> _YOUR INSTRUCTIONS_
Using the data below, copy every line that contains the word "normal".

*** INPUT MATERIAL

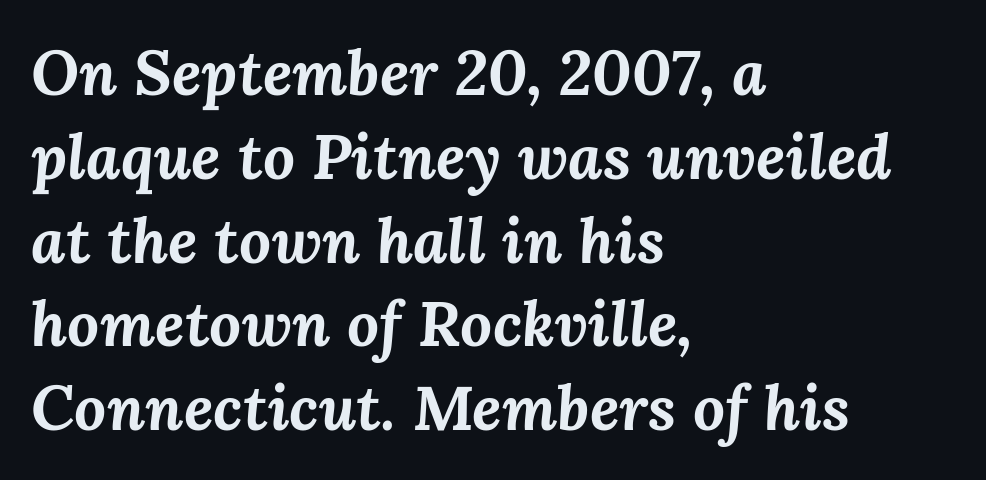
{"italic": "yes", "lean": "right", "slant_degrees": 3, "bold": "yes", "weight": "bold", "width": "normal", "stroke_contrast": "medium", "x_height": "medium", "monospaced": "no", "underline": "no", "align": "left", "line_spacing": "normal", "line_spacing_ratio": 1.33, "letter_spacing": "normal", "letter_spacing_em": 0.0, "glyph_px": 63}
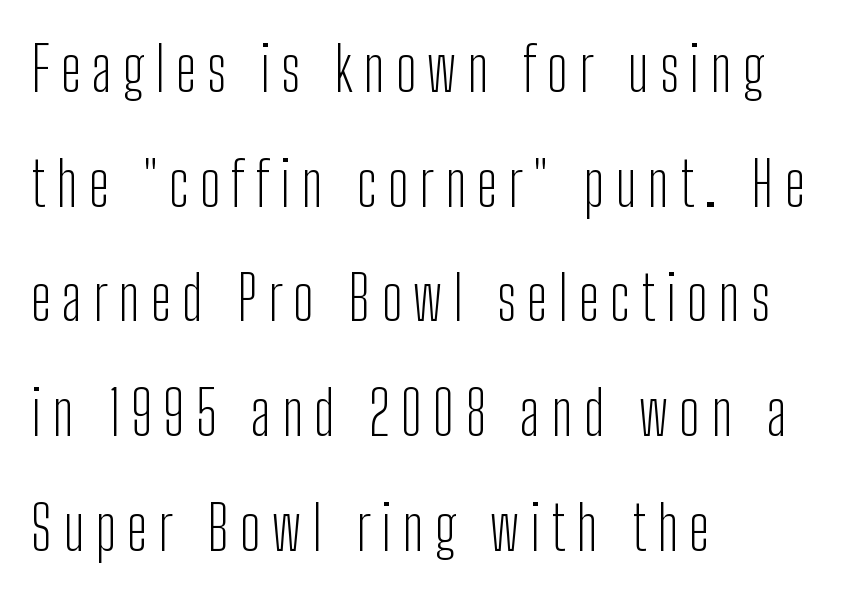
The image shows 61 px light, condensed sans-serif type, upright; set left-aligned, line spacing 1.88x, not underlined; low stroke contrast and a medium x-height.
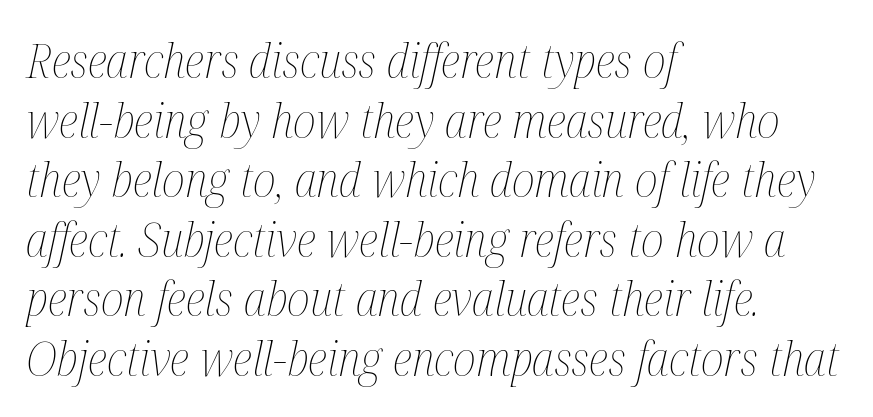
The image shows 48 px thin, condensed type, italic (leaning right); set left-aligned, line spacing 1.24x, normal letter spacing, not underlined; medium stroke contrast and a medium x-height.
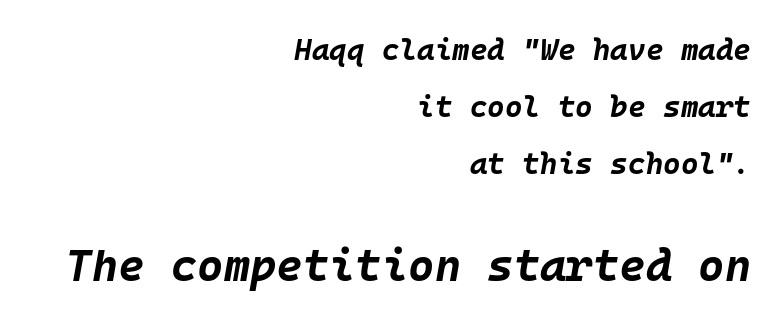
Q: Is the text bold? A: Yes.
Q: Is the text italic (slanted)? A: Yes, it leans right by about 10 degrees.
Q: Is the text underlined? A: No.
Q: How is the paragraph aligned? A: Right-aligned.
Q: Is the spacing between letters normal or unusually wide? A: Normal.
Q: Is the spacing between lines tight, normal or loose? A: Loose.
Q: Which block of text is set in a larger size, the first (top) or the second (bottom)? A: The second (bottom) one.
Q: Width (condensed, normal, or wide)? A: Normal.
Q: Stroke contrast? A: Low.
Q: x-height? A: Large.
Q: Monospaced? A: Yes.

******

> _RESULT_
{"italic": "yes", "lean": "right", "slant_degrees": 3, "bold": "yes", "weight": "bold", "width": "normal", "stroke_contrast": "medium", "x_height": "medium", "monospaced": "no", "underline": "no", "align": "left", "line_spacing": "normal", "line_spacing_ratio": 1.33, "letter_spacing": "normal", "letter_spacing_em": 0.0, "glyph_px": 63}
The image shows 48 px thin, condensed type, italic (leaning right); set left-aligned, line spacing 1.24x, normal letter spacing, not underlined; medium stroke contrast and a medium x-height.
Q: Is the spacing between letters normal or unusually wide? A: Normal.
Q: Is the spacing between lines tight, normal or loose? A: Loose.
Q: Width (condensed, normal, or wide)? A: Normal.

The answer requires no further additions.